Merge lp:~cprov/launchpad/bug-430552-unblock-death-row into lp:launchpad/db-devel

Proposed by Celso Providelo
Status: Merged
Merged at revision: not available
Proposed branch: lp:~cprov/launchpad/bug-430552-unblock-death-row
Merge into: lp:launchpad/db-devel
Diff against target: 261 lines
4 files modified
lib/lp/archivepublisher/deathrow.py (+10/-5)
lib/lp/archivepublisher/diskpool.py (+10/-4)
lib/lp/archivepublisher/tests/test_deathrow.py (+155/-0)
lib/lp/soyuz/interfaces/publishing.py (+10/-0)
To merge this branch: bzr merge lp:~cprov/launchpad/bug-430552-unblock-death-row
Reviewer Review Type Date Requested Status
Brad Crittenden (community) release-critical Approve
Michael Nelson (community) code Approve
Review via email: mp+12346@code.launchpad.net
To post a comment you must log in.
Revision history for this message
Celso Providelo (cprov) wrote :

-----BEGIN PGP SIGNED MESSAGE-----
Hash: SHA1

= Summary =

This branch fixes https://bugs.edge.launchpad.net/bugs/430552.

The is a issue currently blocking `process-death-row` (p-d-r) in
production and increasing its backlog of removal-candidates, since
it's not able to remove files from pool/

After an investigation we discovered that p-d-r is failing due
because it trying to remove files that do not exist anymore.

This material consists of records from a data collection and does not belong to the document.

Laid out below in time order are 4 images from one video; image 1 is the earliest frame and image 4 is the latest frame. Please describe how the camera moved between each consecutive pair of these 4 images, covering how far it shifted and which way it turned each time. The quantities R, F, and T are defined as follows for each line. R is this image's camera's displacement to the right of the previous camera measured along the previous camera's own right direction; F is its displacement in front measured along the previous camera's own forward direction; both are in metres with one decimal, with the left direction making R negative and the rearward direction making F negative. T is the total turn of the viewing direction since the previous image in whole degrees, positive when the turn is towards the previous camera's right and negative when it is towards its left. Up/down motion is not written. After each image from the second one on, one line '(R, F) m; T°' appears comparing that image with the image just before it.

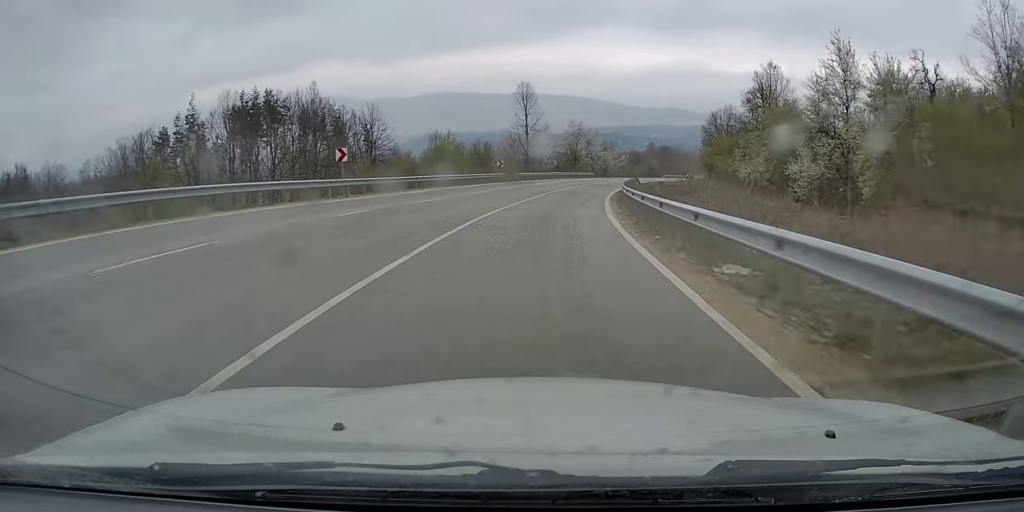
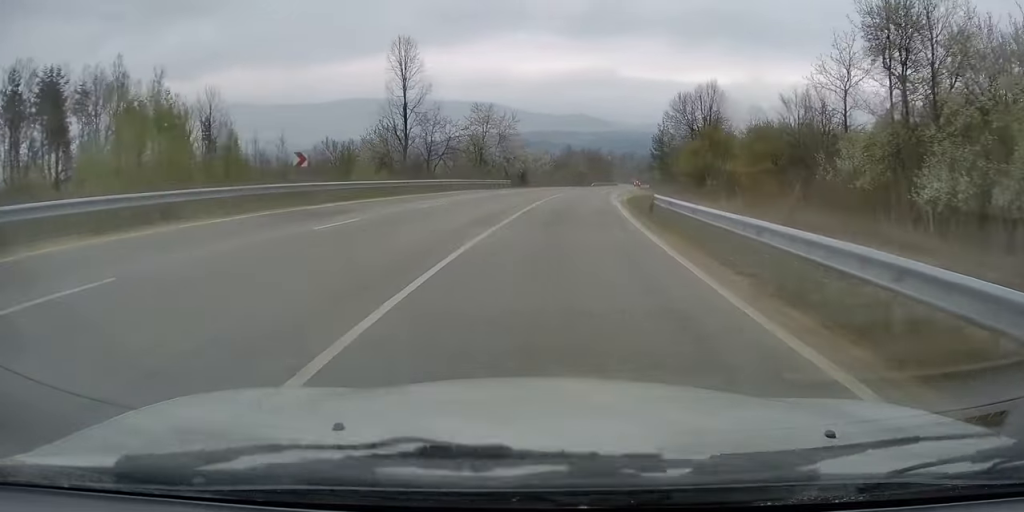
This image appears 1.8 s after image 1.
(+2.8, +37.7) m; +9°
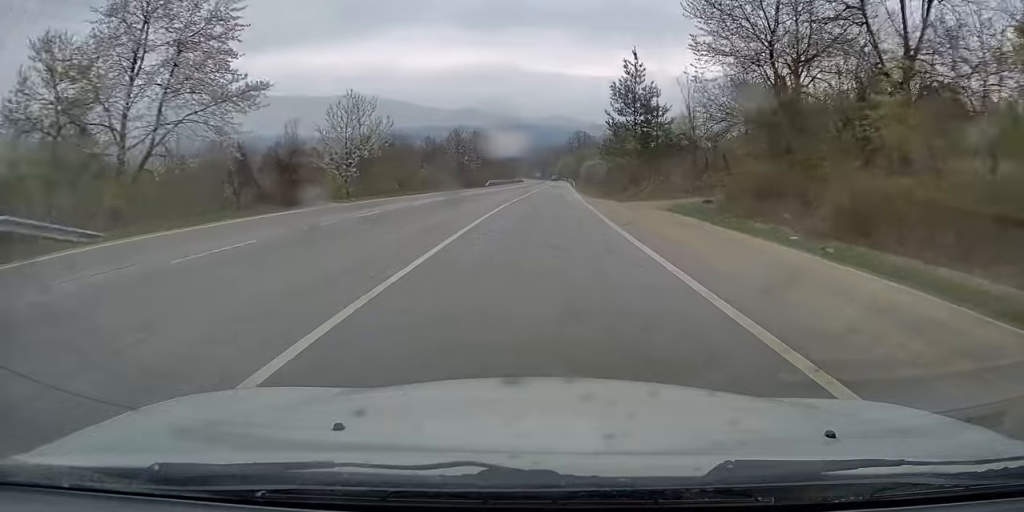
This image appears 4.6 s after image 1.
(+4.5, +57.0) m; +7°
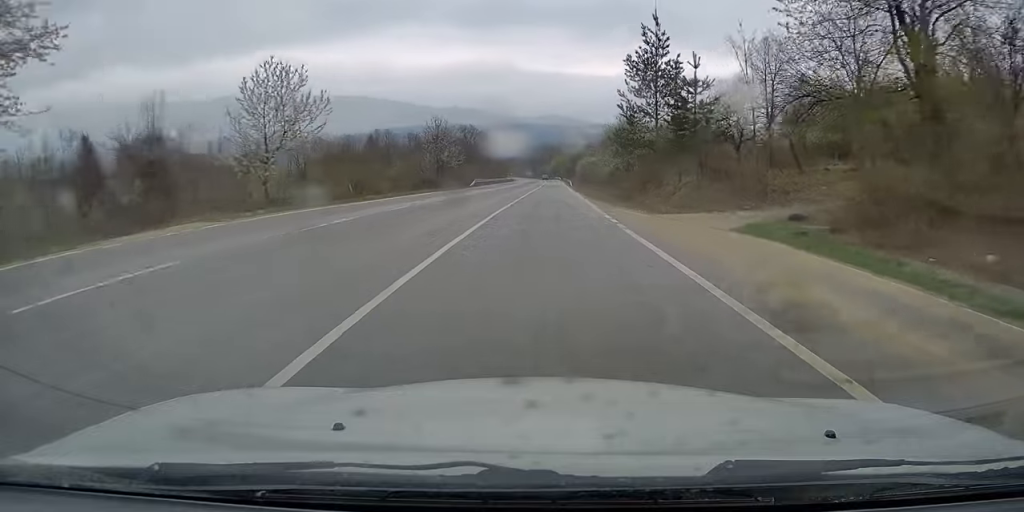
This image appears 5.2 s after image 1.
(+0.1, +11.7) m; 0°

The missing files (symlinks, in fact) could be gone by the following
reasons:

 * Someone butter-fingered the ubuntu archive disk trying to fix
   something else (only remotely possible, there are many broken
   files)

 * The last effective run of p-d-r was aborted during the DB update
   (quite possible, disk operations and updates are not atomic)

== Proposed fix ==

The fix for this problem is to deal with 'missing symlinks' as we deal
with 'missing files'.

It will be an *attempt* to remove what was already removed, somehow,
so should carry on and update the DB records as if we have
successfully removed the files from disk.

== Tests ==

./bin/test -vv -t TestDeathRow -t deathrow.txt

== Demo and Q/A ==

The best! Code is cowboyed in production and dealing with 200k records
backlog (ETA 5h).

= Launchpad lint =

Checking for conflicts. and issues in doctests and templates.
Running jslint, xmllint, pyflakes, and pylint.
Using normal rules.

Linting changed files:
  lib/lp/archivepublisher/deathrow.py
  lib/lp/soyuz/interfaces/publishing.py
  lib/lp/archivepublisher/diskpool.py
  lib/lp/archivepublisher/tests/test_deathrow.py
-----BEGIN PGP SIGNATURE-----
Version: GnuPG v1.4.9 (GNU/Linux)

iEYEARECAAYFAkq7ZvgACgkQ7KBXuXyZSjDw9ACgrP9P0ceJ38CB75+hX8GkmP0/
kogAnjmB5M46LfyxrUWwvNwVZSgMlQ9U
=xq9C
-----END PGP SIGNATURE-----

Revision history for this message
Michael Nelson (michael.nelson) wrote :
Download full text (12.7 KiB)

Great work Celso - you make complex things easy to understand :)
r=me

> = Summary =
>
> This branch fixes https://bugs.edge.launchpad.net/bugs/430552.
>
> The is a issue currently blocking `process-death-row` (p-d-r) in
> production and increasing its backlog of removal-candidates, since
> it's not able to remove files from pool/
>
> After an investigation we discovered that p-d-r is failing due
> because it trying to remove files that do not exist anymore.
>
> The missing files (symlinks, in fact) could be gone by the following
> reasons:
>
> * Someone butter-fingered the ubuntu archive disk trying to fix
> something else (only remotely possible, there are many broken
> files)
>
> * The last effective run of p-d-r was aborted during the DB update
> (quite possible, disk operations and updates are not atomic)
>

Thanks for the detailed explanation - I'd been wondering about this
issue while seeing you and Julian chatting about it.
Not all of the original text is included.